● WHAT IS EXPECTED
Report only the number of lines below in which the string "item" appears.

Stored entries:

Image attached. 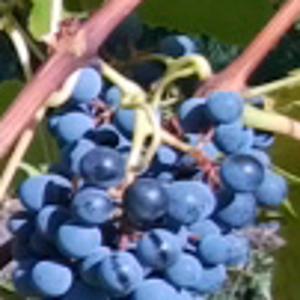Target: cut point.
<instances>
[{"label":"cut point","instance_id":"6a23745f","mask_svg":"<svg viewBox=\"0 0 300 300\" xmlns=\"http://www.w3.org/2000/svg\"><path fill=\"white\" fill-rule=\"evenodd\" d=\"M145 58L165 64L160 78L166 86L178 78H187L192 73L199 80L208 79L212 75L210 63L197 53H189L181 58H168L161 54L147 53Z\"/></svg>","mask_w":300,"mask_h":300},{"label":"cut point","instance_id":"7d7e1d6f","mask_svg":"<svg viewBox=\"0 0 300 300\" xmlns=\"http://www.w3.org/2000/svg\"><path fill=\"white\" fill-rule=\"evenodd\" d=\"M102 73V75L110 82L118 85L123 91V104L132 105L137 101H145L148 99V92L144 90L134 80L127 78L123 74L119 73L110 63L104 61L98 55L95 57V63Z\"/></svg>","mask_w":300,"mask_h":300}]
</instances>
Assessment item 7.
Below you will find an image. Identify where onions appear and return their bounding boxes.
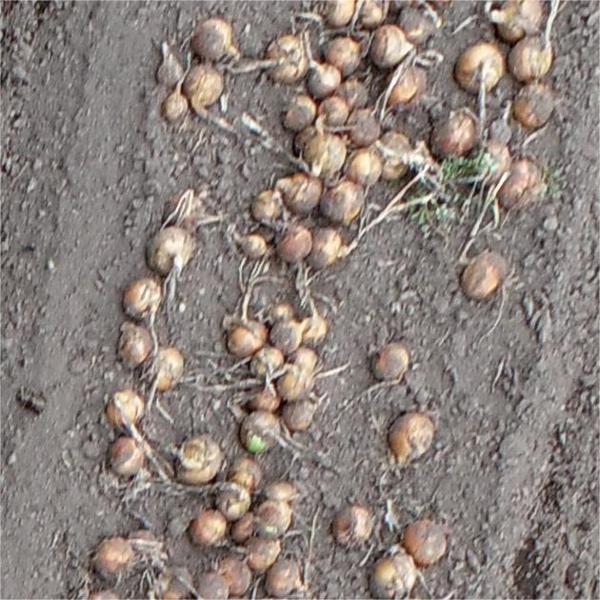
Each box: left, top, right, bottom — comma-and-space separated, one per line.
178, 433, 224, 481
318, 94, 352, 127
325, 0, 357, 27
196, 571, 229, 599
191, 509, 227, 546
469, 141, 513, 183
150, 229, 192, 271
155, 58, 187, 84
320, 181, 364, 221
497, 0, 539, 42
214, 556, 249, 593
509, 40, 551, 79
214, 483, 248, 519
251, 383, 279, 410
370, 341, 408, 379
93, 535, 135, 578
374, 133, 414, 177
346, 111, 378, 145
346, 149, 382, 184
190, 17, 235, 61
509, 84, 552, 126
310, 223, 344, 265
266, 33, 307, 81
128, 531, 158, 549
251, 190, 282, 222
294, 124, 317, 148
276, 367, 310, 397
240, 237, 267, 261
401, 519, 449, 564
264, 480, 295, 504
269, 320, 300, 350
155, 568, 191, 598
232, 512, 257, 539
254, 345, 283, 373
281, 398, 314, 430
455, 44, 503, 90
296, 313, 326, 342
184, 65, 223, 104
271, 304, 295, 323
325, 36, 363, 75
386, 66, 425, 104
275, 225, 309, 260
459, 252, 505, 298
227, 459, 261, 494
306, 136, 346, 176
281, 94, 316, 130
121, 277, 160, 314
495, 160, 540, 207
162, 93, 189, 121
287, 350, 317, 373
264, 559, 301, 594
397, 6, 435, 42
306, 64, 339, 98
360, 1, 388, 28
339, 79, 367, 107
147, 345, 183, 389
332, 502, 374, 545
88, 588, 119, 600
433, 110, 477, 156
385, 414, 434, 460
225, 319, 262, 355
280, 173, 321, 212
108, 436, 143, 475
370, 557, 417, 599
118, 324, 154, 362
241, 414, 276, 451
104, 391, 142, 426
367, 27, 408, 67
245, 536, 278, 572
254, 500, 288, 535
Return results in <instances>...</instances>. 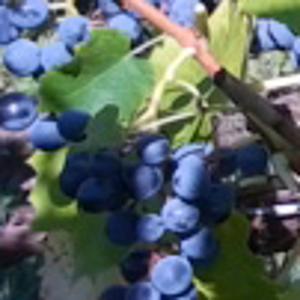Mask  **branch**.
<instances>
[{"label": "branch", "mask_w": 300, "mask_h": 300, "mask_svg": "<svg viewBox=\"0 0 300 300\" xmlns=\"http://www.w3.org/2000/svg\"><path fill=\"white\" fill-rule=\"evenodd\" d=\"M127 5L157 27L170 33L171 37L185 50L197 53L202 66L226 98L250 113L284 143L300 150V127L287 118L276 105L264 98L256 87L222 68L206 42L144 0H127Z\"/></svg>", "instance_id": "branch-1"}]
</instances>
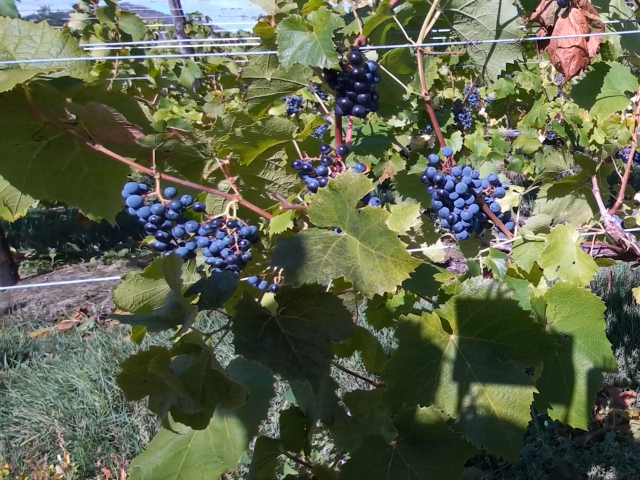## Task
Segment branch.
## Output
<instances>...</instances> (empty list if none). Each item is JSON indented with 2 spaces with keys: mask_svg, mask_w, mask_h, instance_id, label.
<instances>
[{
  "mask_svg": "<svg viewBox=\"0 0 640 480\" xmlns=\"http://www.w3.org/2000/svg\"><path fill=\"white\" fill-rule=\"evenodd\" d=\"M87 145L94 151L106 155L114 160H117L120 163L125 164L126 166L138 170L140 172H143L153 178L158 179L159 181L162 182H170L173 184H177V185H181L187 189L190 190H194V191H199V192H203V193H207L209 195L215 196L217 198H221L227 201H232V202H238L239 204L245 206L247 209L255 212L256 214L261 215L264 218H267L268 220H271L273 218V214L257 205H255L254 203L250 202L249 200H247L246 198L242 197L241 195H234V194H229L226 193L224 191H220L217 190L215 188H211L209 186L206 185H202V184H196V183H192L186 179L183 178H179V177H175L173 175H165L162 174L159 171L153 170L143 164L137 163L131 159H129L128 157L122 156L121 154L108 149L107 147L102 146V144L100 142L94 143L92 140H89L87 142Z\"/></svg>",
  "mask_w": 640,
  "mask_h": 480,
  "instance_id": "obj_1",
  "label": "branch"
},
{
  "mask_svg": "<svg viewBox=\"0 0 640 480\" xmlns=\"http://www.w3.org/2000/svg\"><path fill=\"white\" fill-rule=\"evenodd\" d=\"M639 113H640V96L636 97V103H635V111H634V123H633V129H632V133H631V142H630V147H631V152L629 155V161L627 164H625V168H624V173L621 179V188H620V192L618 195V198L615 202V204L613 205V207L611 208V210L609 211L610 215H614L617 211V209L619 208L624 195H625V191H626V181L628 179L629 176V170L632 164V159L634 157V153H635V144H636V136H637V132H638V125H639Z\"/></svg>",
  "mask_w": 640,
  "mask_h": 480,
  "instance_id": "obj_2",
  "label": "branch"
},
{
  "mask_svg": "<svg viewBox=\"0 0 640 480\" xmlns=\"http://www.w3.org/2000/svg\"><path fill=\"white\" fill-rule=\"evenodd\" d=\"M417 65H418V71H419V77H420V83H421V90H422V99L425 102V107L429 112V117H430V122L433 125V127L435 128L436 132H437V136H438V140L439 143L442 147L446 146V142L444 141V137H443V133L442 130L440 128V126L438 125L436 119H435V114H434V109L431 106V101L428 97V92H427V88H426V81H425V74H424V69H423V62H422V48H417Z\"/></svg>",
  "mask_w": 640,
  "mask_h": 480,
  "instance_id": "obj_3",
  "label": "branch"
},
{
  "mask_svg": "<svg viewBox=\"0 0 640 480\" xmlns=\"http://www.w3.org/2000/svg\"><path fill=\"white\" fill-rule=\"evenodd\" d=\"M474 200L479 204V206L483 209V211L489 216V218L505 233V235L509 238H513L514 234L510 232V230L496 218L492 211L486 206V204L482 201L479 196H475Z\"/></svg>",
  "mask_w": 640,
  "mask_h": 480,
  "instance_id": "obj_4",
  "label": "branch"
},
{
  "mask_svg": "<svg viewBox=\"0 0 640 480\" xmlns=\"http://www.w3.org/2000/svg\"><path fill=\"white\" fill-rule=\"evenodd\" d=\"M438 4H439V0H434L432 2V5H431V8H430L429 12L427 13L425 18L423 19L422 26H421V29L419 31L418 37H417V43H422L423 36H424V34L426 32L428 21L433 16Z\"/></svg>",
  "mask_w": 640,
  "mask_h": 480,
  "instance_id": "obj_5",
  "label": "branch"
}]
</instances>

● OUTPUT
2